What can Hamas achieve under the Ceasefire?
1. Move the Gaza population back north with no one stopping them.
2. Move around terrorists using ambulances, tunnels, and thinly disguised as civilians
3. Reset the timers on hidden rocket launchers
4. Map the location of all IDF soldiers and units
5. Import more weapons via Rafah smuggling tunnels
6. Move hostages to new locations
7. Transfer “humanitarian aid” and fuel to Hamas units
8. Build up international pressure to keep the ceasefire going.
9. Build up international pressure to force the IDF out of Gaza.
10. Play psychological games with Israel using the hostages.
And a bonus point:
11. Give the Kaplan anarchists additional time to undermine Israeli unity and put more pressure on Bibi to end the war.
RON DERMER’S AUSCHWITZ FIB
Now, if you thought Minister Ron Dermer was a thinker, even an intellectual, I must confess that I’ve changed my mind on that one. Minister Dermer told the cabinet ministers: “Even though the deal is difficult, I don’t think any of you cannot go for it.” And then, so help me, he said: “In the Holocaust, Jews wanted to bomb the tracks leading to Auschwitz. The State Department refused and claimed that it was not one of the goals of the war. For us, it is the goal. We have a country, we have the ability, it’s about saving lives. Grab it with both hands, to save many lives.”
Minister of Strategic Affairs Ron Dermer’s official job is to represent the Israeli side to the world media, a job that on occasion requires some fibbing. So, he fibbed on the Auschwitz thing, too.
As the US Department of War kept refusing to bomb the railroad tracks leading to the death camps, even on missions that targeted areas very nearby, by 1944 Jews began to demand the bombing of the Auschwitz-Birkenau complex itself, complete with the thousands of Jewish inmates in it.
The first proposal to bomb Auschwitz was made on May 16, 1944, by Slovak Rabbi Michael Dov Weissmandl, the leader of a Jewish underground. At about the same time, two officials of the Jewish Agency in Palestine made similar suggestions – Yitzhak Gruenbaum to the US Consul-General in Jerusalem Lowell C. Pinkerton, and Moshe Shertok (later Sharet) to George Hall, the British under-secretary of state for foreign affairs.
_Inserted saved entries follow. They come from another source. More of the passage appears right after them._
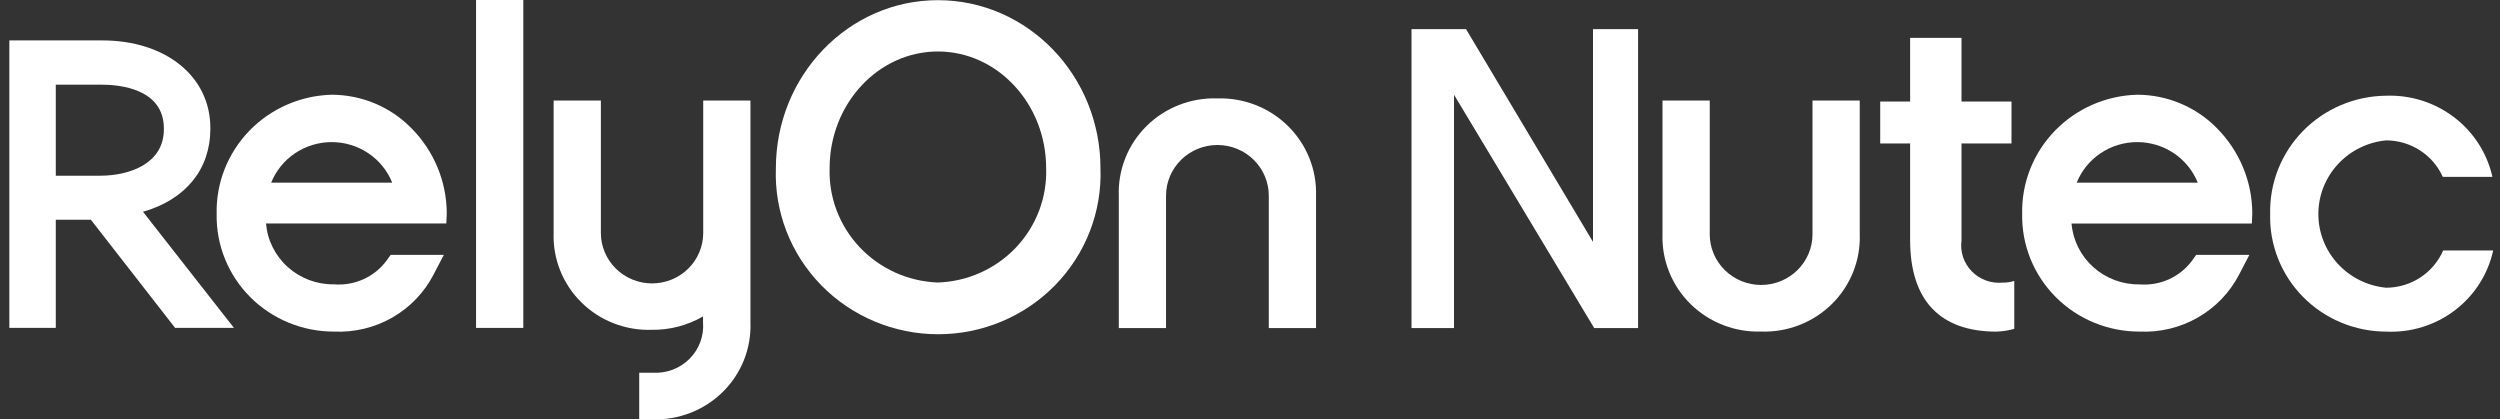 <?xml version="1.0" encoding="UTF-8"?>
<svg xmlns="http://www.w3.org/2000/svg" width="155" height="26" viewBox="0 0 155 26" fill="none">
  <rect x="0" y="0" width="155" height="26" fill="#333333" stroke="none"/>
  <g clip-path="url(#clip0_1242_15686)">
    <path d="M58.149 0.011C52.607 0.011 48.104 4.681 48.104 10.435C48.055 11.768 48.279 13.097 48.763 14.343C49.247 15.589 49.98 16.727 50.919 17.687C51.859 18.647 52.984 19.411 54.23 19.932C55.475 20.454 56.814 20.723 58.166 20.723C59.519 20.723 60.858 20.454 62.103 19.932C63.349 19.411 64.474 18.647 65.413 17.687C66.353 16.727 67.086 15.589 67.57 14.343C68.054 13.097 68.278 11.768 68.229 10.435C68.229 4.681 63.714 0.011 58.149 0.011ZM58.149 17.516C56.307 17.449 54.566 16.666 53.309 15.338C52.051 14.009 51.377 12.243 51.436 10.426C51.436 6.442 54.451 3.192 58.149 3.192C61.846 3.192 64.861 6.441 64.861 10.426C64.924 12.244 64.252 14.012 62.993 15.342C61.735 16.671 59.992 17.453 58.149 17.516Z" fill="white"></path>
    <path d="M140.751 13.277C140.726 12.327 140.894 11.382 141.243 10.497C141.592 9.612 142.117 8.804 142.786 8.12C143.455 7.437 144.255 6.892 145.14 6.516C146.025 6.141 146.976 5.943 147.939 5.934C149.461 5.88 150.954 6.353 152.159 7.273C153.363 8.192 154.202 9.499 154.53 10.966H151.453C151.151 10.294 150.659 9.722 150.035 9.321C149.411 8.919 148.683 8.705 147.938 8.703C146.787 8.814 145.72 9.343 144.944 10.188C144.168 11.032 143.738 12.131 143.738 13.271C143.738 14.411 144.168 15.51 144.944 16.354C145.72 17.198 146.787 17.728 147.938 17.839C148.692 17.837 149.429 17.617 150.058 17.206C150.687 16.795 151.18 16.212 151.477 15.528H154.577C154.255 17.007 153.41 18.325 152.194 19.246C150.978 20.168 149.469 20.633 147.938 20.56C146.978 20.558 146.028 20.366 145.144 19.997C144.26 19.628 143.46 19.088 142.79 18.41C142.12 17.732 141.595 16.928 141.245 16.047C140.894 15.165 140.726 14.224 140.749 13.277" fill="white"></path>
    <path d="M87.513 1.805H90.894L98.766 14.997V1.805H101.561V20.339H98.84L90.149 5.873V20.339H87.513V1.805Z" fill="white"></path>
    <path d="M118.428 14.888V8.894H116.573V6.293H118.428V2.346H121.613V6.293H124.713V8.893H121.613V14.912C121.567 15.256 121.6 15.606 121.709 15.937C121.819 16.267 122.002 16.568 122.246 16.819C122.49 17.07 122.788 17.264 123.118 17.386C123.448 17.507 123.801 17.555 124.152 17.523C124.401 17.528 124.648 17.492 124.885 17.415V20.389C124.523 20.491 124.15 20.548 123.774 20.56C120.307 20.56 118.428 18.647 118.428 14.891" fill="white"></path>
    <path d="M139.642 13.228C139.637 11.251 138.848 9.355 137.445 7.944C136.805 7.291 136.039 6.771 135.192 6.416C134.345 6.06 133.435 5.876 132.514 5.873C130.575 5.923 128.735 6.729 127.396 8.114C126.058 9.499 125.331 11.351 125.375 13.264C125.356 14.216 125.531 15.163 125.888 16.048C126.246 16.933 126.779 17.739 127.457 18.419C128.134 19.098 128.942 19.637 129.834 20.004C130.725 20.372 131.682 20.56 132.648 20.558C133.914 20.617 135.17 20.315 136.266 19.687C137.362 19.059 138.251 18.133 138.826 17.019L139.46 15.803H136.161L135.905 16.164C135.534 16.663 135.04 17.06 134.47 17.317C133.899 17.574 133.271 17.682 132.646 17.632C131.59 17.646 130.568 17.264 129.786 16.563C129.004 15.862 128.522 14.895 128.435 13.857H139.615L139.642 13.228ZM128.755 11.326C129.052 10.584 129.569 9.947 130.239 9.499C130.908 9.05 131.698 8.81 132.508 8.81C133.317 8.81 134.107 9.05 134.777 9.499C135.446 9.947 135.963 10.584 136.261 11.326H128.755Z" fill="white"></path>
    <path d="M75.479 6.101C74.669 6.074 73.861 6.211 73.107 6.505C72.353 6.798 71.667 7.241 71.094 7.807C70.52 8.372 70.071 9.048 69.774 9.792C69.476 10.536 69.337 11.332 69.365 12.132V20.341H72.294V12.132C72.294 11.299 72.63 10.499 73.227 9.91C73.824 9.321 74.635 8.99 75.479 8.99C76.324 8.99 77.134 9.321 77.732 9.91C78.329 10.499 78.665 11.299 78.665 12.132V20.341H81.594V12.132C81.618 11.333 81.477 10.538 81.178 9.796C80.879 9.053 80.43 8.379 79.857 7.814C79.284 7.249 78.601 6.806 77.848 6.511C77.095 6.217 76.289 6.077 75.479 6.101Z" fill="white"></path>
    <path d="M109.19 20.556C110 20.584 110.808 20.446 111.562 20.153C112.316 19.86 113.001 19.416 113.575 18.851C114.148 18.285 114.598 17.61 114.895 16.866C115.193 16.122 115.332 15.325 115.304 14.526V6.232H112.375V14.526C112.375 15.359 112.039 16.158 111.442 16.747C110.845 17.336 110.034 17.667 109.19 17.667C108.345 17.667 107.535 17.336 106.937 16.747C106.34 16.158 106.004 15.359 106.004 14.526V6.232H103.075V14.526C103.049 15.325 103.19 16.12 103.489 16.863C103.787 17.606 104.236 18.281 104.809 18.846C105.382 19.411 106.067 19.854 106.82 20.148C107.573 20.443 108.38 20.581 109.19 20.556Z" fill="white"></path>
    <path d="M8.866 13.131C11.502 12.372 13.042 10.507 13.042 7.982V7.934C13.042 4.745 10.284 2.506 6.343 2.506H0.579V20.329H3.459V13.624H5.635L10.855 20.328H14.504L8.866 13.131ZM3.459 5.248H6.278C7.45 5.248 10.16 5.513 10.16 7.968V8.016C10.16 10.147 8.036 10.894 6.205 10.894H3.459V5.248Z" fill="white"></path>
    <path d="M32.445 -0.001H29.516V20.33H32.445V-0.001Z" fill="white"></path>
    <path d="M43.6 6.232V14.442C43.6 15.272 43.266 16.068 42.671 16.655C42.076 17.241 41.269 17.571 40.427 17.571C39.586 17.571 38.779 17.241 38.184 16.655C37.589 16.068 37.254 15.272 37.254 14.442V6.232H34.325V14.442C34.297 15.238 34.436 16.031 34.732 16.772C35.028 17.513 35.476 18.186 36.047 18.75C36.618 19.313 37.301 19.755 38.052 20.047C38.804 20.339 39.608 20.476 40.415 20.448C41.53 20.463 42.627 20.175 43.588 19.618V19.979C43.621 20.394 43.564 20.811 43.419 21.203C43.274 21.594 43.046 21.95 42.75 22.247C42.454 22.543 42.096 22.774 41.702 22.923C41.307 23.071 40.885 23.135 40.464 23.108H39.632V25.998H40.462C41.268 26.023 42.07 25.885 42.82 25.592C43.569 25.299 44.249 24.857 44.818 24.294C45.387 23.731 45.833 23.058 46.127 22.318C46.421 21.578 46.557 20.785 46.528 19.991V6.232H43.6Z" fill="white"></path>
    <path d="M27.699 13.228C27.694 11.251 26.906 9.355 25.502 7.944C24.863 7.291 24.097 6.771 23.25 6.416C22.403 6.06 21.492 5.876 20.572 5.873C18.633 5.923 16.792 6.729 15.454 8.114C14.116 9.499 13.389 11.351 13.432 13.264C13.414 14.216 13.589 15.163 13.946 16.048C14.304 16.933 14.837 17.739 15.514 18.419C16.192 19.098 17 19.637 17.891 20.004C18.783 20.372 19.74 20.56 20.706 20.558C21.972 20.617 23.228 20.315 24.324 19.687C25.42 19.059 26.308 18.133 26.883 17.019L27.517 15.803H24.219L23.962 16.164C23.591 16.662 23.097 17.058 22.527 17.315C21.956 17.571 21.329 17.679 20.704 17.629C19.648 17.643 18.625 17.261 17.844 16.56C17.062 15.859 16.579 14.892 16.493 13.853H27.673L27.699 13.228ZM16.812 11.326C17.11 10.584 17.627 9.947 18.296 9.499C18.966 9.05 19.756 8.81 20.565 8.81C21.375 8.81 22.165 9.05 22.834 9.499C23.503 9.947 24.02 10.584 24.318 11.326H16.812Z" fill="white"></path>
  </g>
  <defs>
    <clipPath id="clip0_1242_15686">
      <rect width="154" height="26" fill="white" transform="translate(0.579 -0.001)"></rect>
    </clipPath>
  </defs>
</svg>

On June 19, 1944, the Jewish Agency in Jerusalem received the reports summary of the industrial death operations in the Nazi camps, and David Ben-Gurion and the Jewish Agency, immediately upon learning that Auschwitz was indeed a death camp, urged President Franklin Delano Roosevelt to bomb the camp and the train tracks leading to the camp.
Despite the certainty that thousands of Jews may die, these Jewish leaders did not dream of asking the Allied forces to stop the war effort for a single day to negotiate for their release, because you don’t negotiate with Nazis, you kill them, and kill them, until you force them down to their knees.
Israel’s mainstream media ignore a considerable contingency of families of hostages who demand that all the hostages would be set free, or no deal. They argue that no one Jewish soul is more important than another. Moreover, those families argue the national value of eliminating Hamas is higher than the personal value of releasing their loved ones. Also: among the kidnapped soldiers, if they are still alive, there are many wounded whose condition may be worse than that of the children, the mothers, and the elderly slated to go free.
Against their clarity of mind and heart, Netanyahu’s failure as a leader appears even more staggering. To those who still compare him to Ben Gurion, I must paraphrase the 1988 United States vice-presidential Democratic candidate Senator Lloyd Bentsen’s response to Republican candidate Senator Dan Quayle: “I knew Ben Gurion. Bibi, you’re no Ben Gurion.”